Not really impressed with any of the singers this year.

that prepubescent kid Daniel needs to go very soon

judges wasted the save this season, that guy Qaasim can't sing.


----------



## mriceyman (Mar 20, 2015)

Its still on tv?


Sent from my iPhone using AlpineZone


----------



## ScottySkis (Mar 20, 2015)

mriceyman said:


> Its still on tv?
> 
> 
> Sent from my iPhone using AlpineZone



+420.!


----------



## Warp Daddy (Mar 20, 2015)

Quit watching AI 2 yrs ago couldn't hack either Harry Connick , a real jackwagon or JLo. .


----------



## wa-loaf (Mar 20, 2015)

The Voice is where it's at!


----------



## Warp Daddy (Mar 20, 2015)

wa-loaf said:


> The Voice is where it's at!




Totally agree , talent is superior and the judges are interesting


----------



## dlague (Mar 20, 2015)

wa-loaf said:


> The Voice is where it's at!



+1 I like the format of The Voice

AI never really worked for me.


----------



## wa-loaf (Mar 20, 2015)

Warp Daddy said:


> Totally agree , talent is superior and the judges are interesting



I did like Gwen Stefani better than Christina.


----------



## Warp Daddy (Mar 20, 2015)

Gwen was awesome , way better than i expected . i had low expectations BUT she turned me into a fan .

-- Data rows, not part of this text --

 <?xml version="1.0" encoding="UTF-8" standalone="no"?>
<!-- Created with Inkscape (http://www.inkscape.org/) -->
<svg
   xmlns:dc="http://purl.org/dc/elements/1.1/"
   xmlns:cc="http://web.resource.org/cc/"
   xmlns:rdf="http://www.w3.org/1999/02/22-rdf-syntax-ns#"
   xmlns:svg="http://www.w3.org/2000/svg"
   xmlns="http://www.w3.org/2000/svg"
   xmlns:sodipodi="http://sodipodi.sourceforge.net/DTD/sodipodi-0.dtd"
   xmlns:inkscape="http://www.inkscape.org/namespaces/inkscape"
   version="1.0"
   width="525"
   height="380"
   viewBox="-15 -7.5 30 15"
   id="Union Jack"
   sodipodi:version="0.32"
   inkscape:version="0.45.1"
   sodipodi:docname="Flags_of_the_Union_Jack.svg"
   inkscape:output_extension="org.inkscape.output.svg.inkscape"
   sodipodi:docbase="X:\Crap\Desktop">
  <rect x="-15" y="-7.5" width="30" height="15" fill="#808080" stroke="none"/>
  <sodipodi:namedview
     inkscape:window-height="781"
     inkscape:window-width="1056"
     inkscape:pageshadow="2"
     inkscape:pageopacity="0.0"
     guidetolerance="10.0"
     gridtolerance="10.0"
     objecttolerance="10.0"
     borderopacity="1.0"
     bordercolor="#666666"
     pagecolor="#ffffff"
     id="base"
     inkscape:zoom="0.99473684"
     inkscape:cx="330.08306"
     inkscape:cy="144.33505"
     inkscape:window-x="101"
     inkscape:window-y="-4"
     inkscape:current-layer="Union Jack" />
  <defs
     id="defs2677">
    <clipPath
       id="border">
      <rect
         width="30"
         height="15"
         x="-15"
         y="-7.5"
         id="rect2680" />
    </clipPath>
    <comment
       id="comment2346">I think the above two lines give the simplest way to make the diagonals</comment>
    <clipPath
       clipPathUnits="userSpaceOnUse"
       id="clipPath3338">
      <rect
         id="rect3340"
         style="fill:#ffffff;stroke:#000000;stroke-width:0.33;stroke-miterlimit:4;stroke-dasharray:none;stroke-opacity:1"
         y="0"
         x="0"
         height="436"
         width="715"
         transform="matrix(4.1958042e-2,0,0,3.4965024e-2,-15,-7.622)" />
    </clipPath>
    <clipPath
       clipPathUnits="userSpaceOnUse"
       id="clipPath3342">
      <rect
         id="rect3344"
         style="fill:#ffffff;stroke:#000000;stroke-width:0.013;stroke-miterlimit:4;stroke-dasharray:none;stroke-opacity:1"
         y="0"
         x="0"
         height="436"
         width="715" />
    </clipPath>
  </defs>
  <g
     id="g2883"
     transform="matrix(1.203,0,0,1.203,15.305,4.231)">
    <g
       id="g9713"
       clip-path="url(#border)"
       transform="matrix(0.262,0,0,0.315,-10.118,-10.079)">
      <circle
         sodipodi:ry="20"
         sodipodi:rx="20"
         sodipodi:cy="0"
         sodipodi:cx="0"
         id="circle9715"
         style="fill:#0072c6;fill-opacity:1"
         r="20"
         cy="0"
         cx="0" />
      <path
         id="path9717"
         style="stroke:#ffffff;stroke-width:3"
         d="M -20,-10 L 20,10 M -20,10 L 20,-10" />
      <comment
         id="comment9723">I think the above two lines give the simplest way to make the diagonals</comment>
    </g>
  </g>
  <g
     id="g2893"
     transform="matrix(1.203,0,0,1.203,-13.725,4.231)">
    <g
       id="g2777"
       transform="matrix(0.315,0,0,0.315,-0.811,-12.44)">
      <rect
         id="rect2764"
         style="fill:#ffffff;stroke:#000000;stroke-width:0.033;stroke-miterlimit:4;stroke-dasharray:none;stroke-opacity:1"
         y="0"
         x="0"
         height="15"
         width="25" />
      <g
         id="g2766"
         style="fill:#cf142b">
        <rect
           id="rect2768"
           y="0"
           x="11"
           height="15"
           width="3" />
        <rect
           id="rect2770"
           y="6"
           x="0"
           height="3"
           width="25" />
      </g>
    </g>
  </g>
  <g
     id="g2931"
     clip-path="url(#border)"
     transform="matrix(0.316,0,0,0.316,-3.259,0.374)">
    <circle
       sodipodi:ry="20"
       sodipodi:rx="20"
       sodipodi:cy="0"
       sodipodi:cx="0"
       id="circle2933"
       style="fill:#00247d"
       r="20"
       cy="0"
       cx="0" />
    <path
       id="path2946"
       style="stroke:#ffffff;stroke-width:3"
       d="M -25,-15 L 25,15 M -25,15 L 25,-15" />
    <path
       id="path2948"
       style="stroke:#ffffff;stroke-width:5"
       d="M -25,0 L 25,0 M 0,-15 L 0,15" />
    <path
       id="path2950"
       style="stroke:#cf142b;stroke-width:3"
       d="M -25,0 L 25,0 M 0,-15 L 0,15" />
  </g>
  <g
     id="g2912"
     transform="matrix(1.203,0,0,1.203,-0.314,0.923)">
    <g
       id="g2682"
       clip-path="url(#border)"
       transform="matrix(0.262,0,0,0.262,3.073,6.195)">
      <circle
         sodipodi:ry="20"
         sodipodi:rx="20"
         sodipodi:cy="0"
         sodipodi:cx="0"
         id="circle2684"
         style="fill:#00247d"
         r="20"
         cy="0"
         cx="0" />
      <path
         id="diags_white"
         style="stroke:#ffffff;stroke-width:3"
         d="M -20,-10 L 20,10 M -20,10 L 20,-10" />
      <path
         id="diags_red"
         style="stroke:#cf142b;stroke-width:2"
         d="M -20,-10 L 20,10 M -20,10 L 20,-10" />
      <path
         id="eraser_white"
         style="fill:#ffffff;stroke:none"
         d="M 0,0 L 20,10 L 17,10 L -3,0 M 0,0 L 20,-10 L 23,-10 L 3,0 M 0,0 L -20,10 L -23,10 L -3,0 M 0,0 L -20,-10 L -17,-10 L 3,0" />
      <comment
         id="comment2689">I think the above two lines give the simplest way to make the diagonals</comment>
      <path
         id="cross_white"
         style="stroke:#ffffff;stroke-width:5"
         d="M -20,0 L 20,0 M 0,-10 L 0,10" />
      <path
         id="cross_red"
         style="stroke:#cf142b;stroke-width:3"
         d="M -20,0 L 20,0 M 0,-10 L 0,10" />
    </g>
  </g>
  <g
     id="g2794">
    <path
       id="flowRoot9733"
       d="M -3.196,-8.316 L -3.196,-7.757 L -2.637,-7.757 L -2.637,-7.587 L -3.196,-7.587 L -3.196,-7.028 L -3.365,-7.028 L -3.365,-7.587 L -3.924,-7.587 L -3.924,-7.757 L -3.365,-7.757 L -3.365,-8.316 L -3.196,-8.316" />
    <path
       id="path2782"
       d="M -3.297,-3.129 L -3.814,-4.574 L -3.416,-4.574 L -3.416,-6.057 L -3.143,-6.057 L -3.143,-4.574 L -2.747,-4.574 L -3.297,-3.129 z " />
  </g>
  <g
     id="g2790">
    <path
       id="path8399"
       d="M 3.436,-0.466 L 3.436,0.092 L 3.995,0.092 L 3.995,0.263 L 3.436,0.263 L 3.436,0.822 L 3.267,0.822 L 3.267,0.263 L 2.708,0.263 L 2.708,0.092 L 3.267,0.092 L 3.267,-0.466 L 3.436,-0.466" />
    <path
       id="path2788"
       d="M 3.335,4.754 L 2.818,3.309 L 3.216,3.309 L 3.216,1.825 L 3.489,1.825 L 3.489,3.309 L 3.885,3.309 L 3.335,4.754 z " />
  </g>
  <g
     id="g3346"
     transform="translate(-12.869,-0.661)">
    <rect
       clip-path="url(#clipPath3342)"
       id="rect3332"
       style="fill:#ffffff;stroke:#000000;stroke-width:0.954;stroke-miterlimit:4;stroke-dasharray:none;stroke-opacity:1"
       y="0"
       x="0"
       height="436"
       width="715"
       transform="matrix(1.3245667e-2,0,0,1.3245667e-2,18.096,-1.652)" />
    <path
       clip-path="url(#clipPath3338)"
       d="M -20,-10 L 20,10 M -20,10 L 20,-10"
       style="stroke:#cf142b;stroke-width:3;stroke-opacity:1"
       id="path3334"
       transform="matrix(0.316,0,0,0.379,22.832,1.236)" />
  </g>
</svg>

Xtina is a piece of work BUT has softened her edge a bit as of late


----------



## Warp Daddy (Mar 20, 2015)

The vibe on the voice and the good natured bs'ing and ball breaking among the coaches is phun


----------



## wa-loaf (May 11, 2015)

Canceled!


----------



## Warp Daddy (May 11, 2015)

Finally


----------



## gmcunni (May 11, 2015)

wa-loaf said:


> Canceled!





Warp Daddy said:


> Finally



i thought the news (my wife yelled up to me earlier today) was 1 more season?


----------



## steamboat1 (May 11, 2015)

gmcunni said:


> i thought the news (my wife yelled up to me earlier today) was 1 more season?


Yup one more season. Doesn't matter to me as I never watch it.


----------



## dlague (May 11, 2015)

Also never watch it, however, do watch The Voice which is much more entertaining IMO.


----------



## gmcunni (May 11, 2015)

dlague said:


> Also never watch it, however, do watch The Voice which is much more entertaining IMO.



if you never watch Idol how can you know that The Voice is more entertaining?


----------



## dlague (May 11, 2015)

gmcunni said:


> if you never watch Idol how can you know that The Voice is more entertaining?



I watched periodically it when it first came out season 3 and 4 then watched Rock Star and Rock Star: Supernova and finally The Voice


----------



## ScottySkis (May 11, 2015)

Warp Daddy said:


> Finally



!420! I used to watch years ago mostly to hav e something's to talk about to young hot women that worked at my old job . will not miss that show. It was OK at first but to many artist struggle out their who don't get TV chance because their orettyt by teenagers standard.


----------



## thetrailboss (May 12, 2015)

Warp Daddy said:


> Finally



+1 

It was dying a slow death


Sent from my iPhone using AlpineZone


----------



## gmcunni (May 13, 2015)

CT wins


----------